Harm score: the potential risk to human safety and passersby
Property score: the potential for damage or loss of property
Public disruption score: the extent to which an incident disrupts normal public activity

These three scores were later combined to form an overall severity signal for each incident, which could then be aggregated spatially and temporally. This approach made it possible to model risk in a way that reflects both the frequency and the nature of reported incidents, rather than relying on raw counts alone.

Geospatial Representation

Providing raw latitude and longitude numbers will not add much value to the ML model because I need to group aggregate incident context at a block and neighborhood-level. I needed a method to map a block or neighborhood to a fixed index to simplify feature engineering and build a consistent spatial mapping. Cut to the seminal engineering blog published by Uber — H3.

Uber’s H3 blog describes how projecting an icosahedron (20-faced polyhedron) to the surface of the earth and hierarchically breaking them down into hexagonal shapes (and 12 strategically placed pentagons) can help tessellate the entire map. Hexagons are special because there are one of the few regular polygons that form regular tessellations and its centerpoint is equidistant to it’s neighbors’, which simplifies smoothing over gradients.
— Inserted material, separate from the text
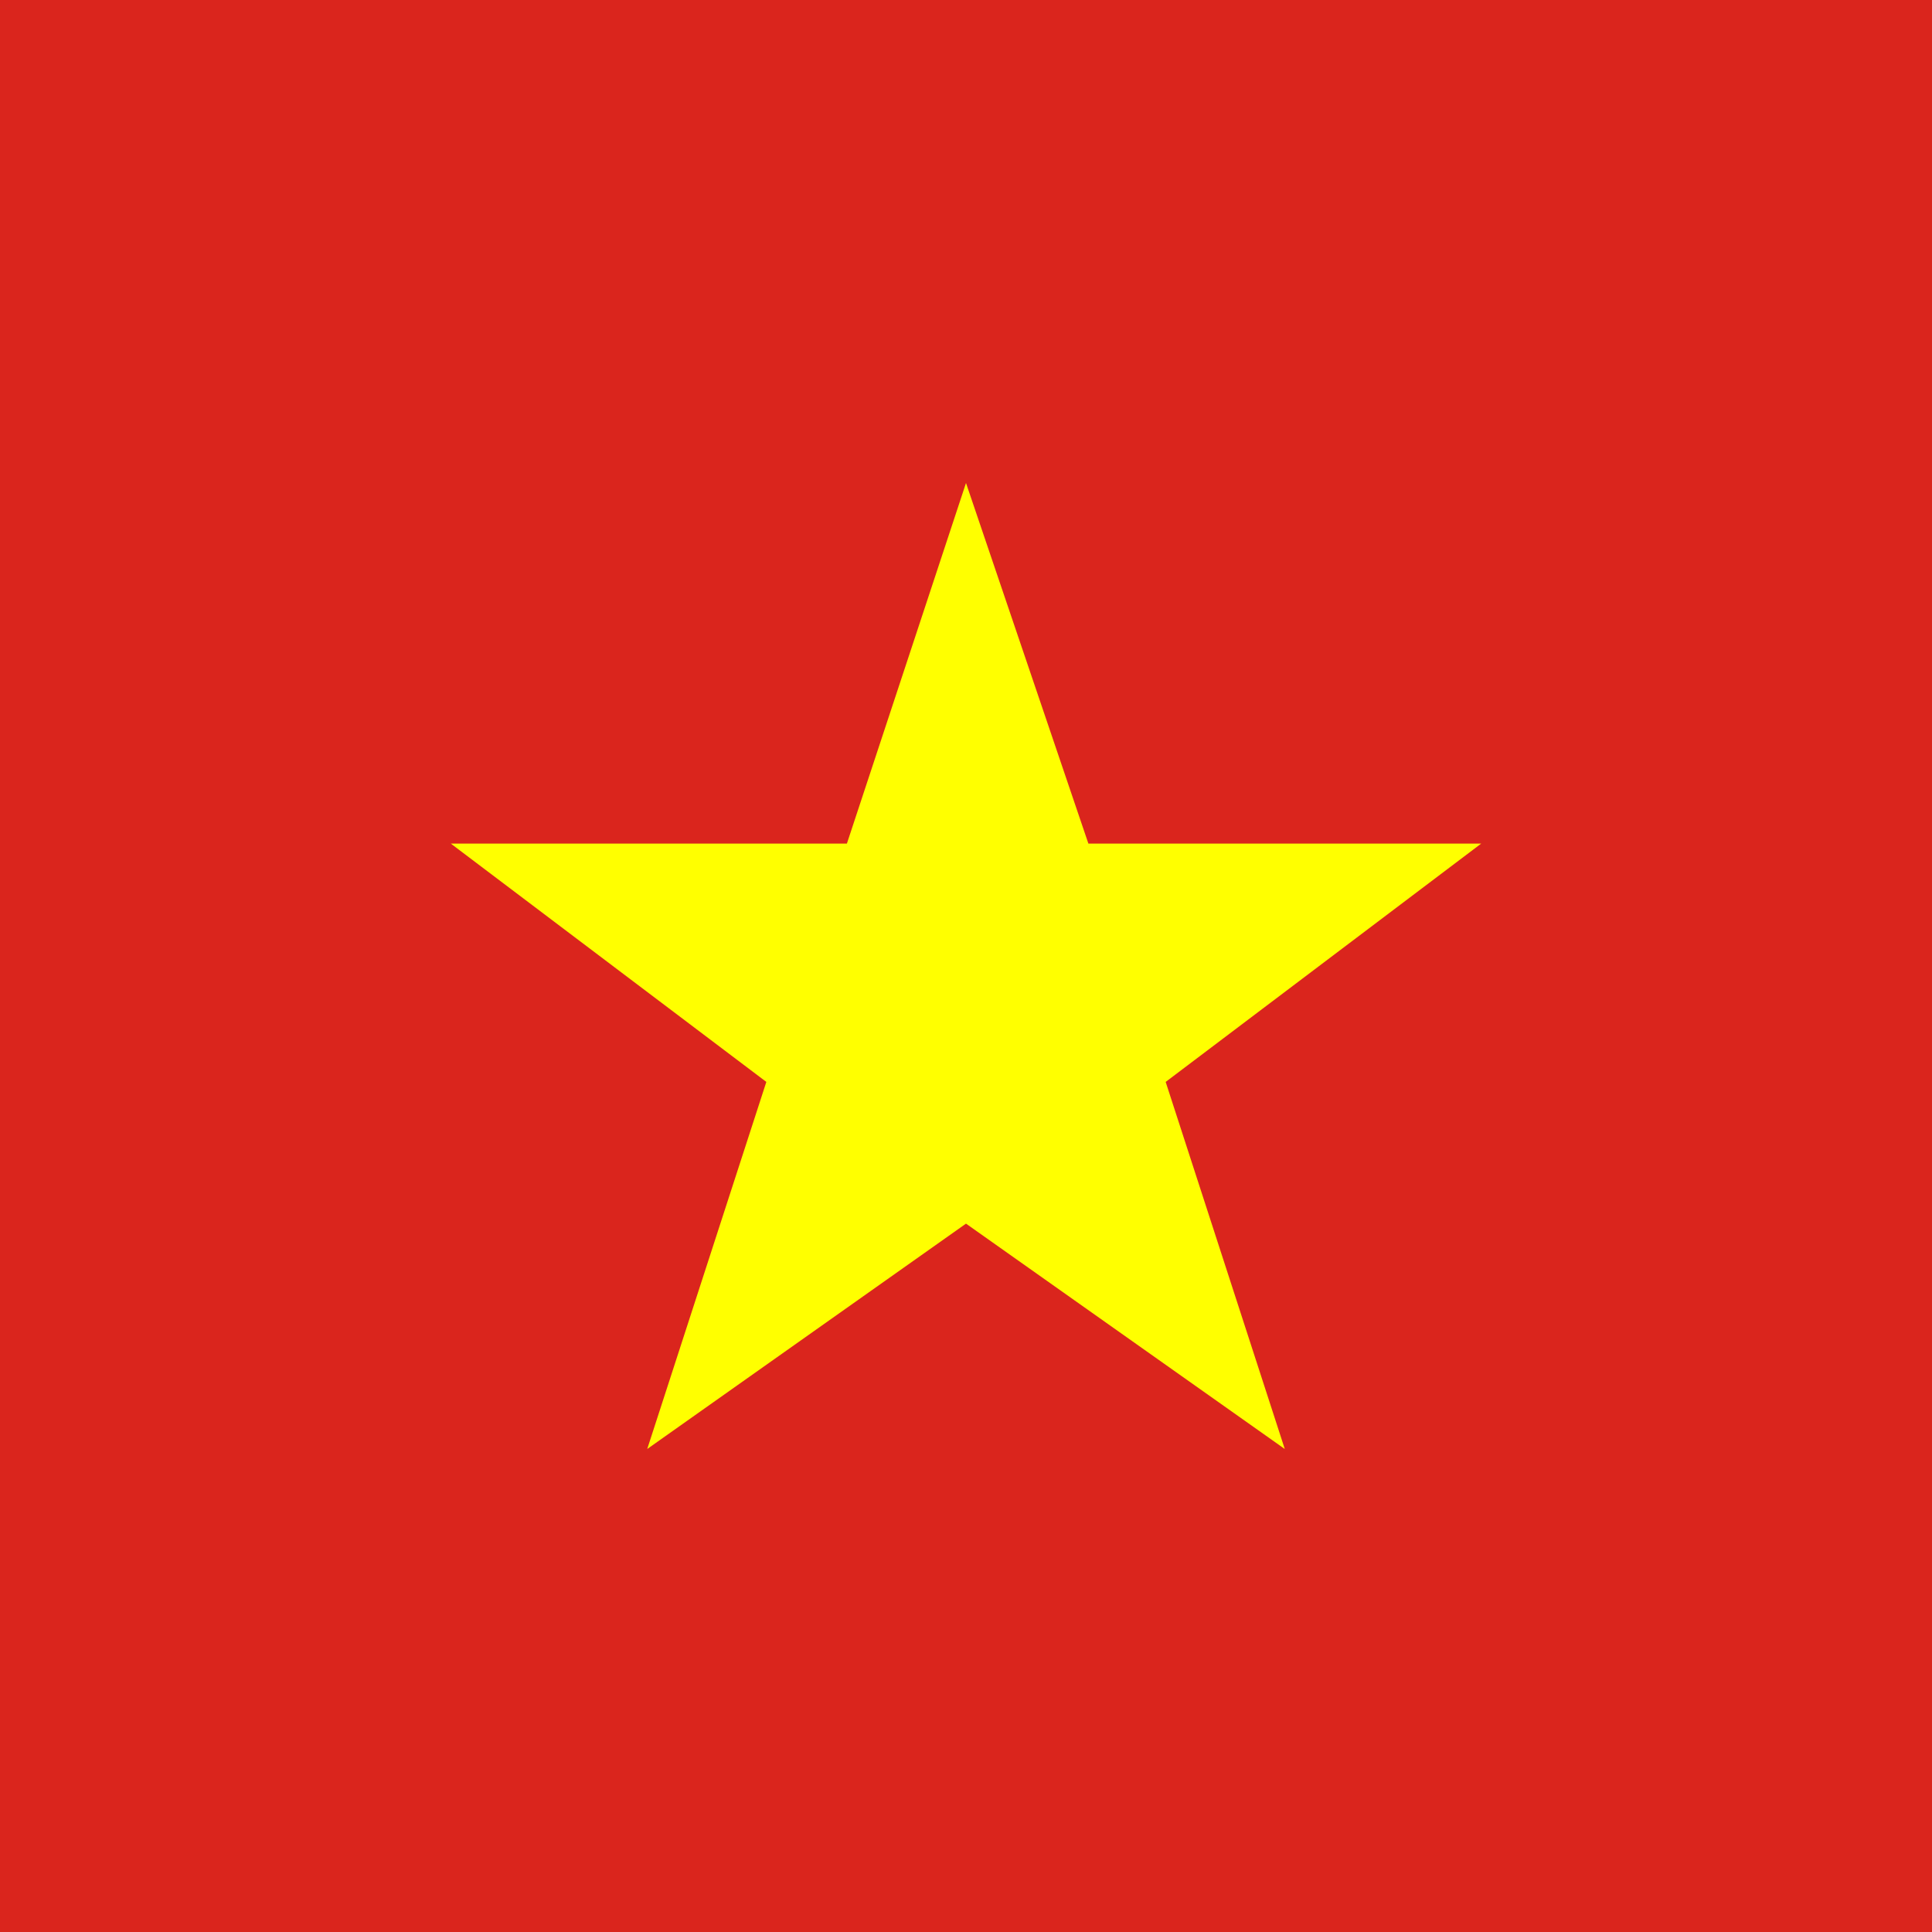 <svg width="23" height="23" viewBox="0 0 23 23" fill="none" xmlns="http://www.w3.org/2000/svg">
<rect width="23" height="23" fill="#DA251D"/>
<path d="M11.5 14.567L15.295 17.25L13.877 12.88L17.633 10.043H12.957L11.5 5.75L10.082 10.043H5.367L9.123 12.88L7.705 17.25L11.5 14.567Z" fill="#FFFF00"/>
</svg>

Demonstrates how centerpoints on a hexagonal grid is equidistant whereas not equidistant on a square grid. — **Neighbor distance comparison showing unequal distances in square grids and uniform distances in hexagonal grids.** Image by author.

The website https://clupasq.github.io/h3-viewer/ is a fun experiment to see what your location’s H3 Index is!

Snapshot to provide context to reader how H3 hexagonal grids are built on the SF map. — **Snapshot from H3 Index Viewer at Resolution 8**. *Screenshot by author, using the H3 library (Apache 2.0) and OpenStreetMap base map © OpenStreetMap contributors (ODbL).*

Temporal Representation

Time is just as important as location when modeling walking risk. However, naïvely encoding hour and day as integers introduces discontinuities — 23:59 and 00:00 are numerically far apart, even though they are only a minute apart in reality.

To address this, I encoded time of day and day of week using sine and cosine transformations, which represent cyclical values on a unit circle. This allows the model to learn that late-night and early-morning hours are temporally adjacent, and that days of the week wrap naturally from Saturday back to Sunday.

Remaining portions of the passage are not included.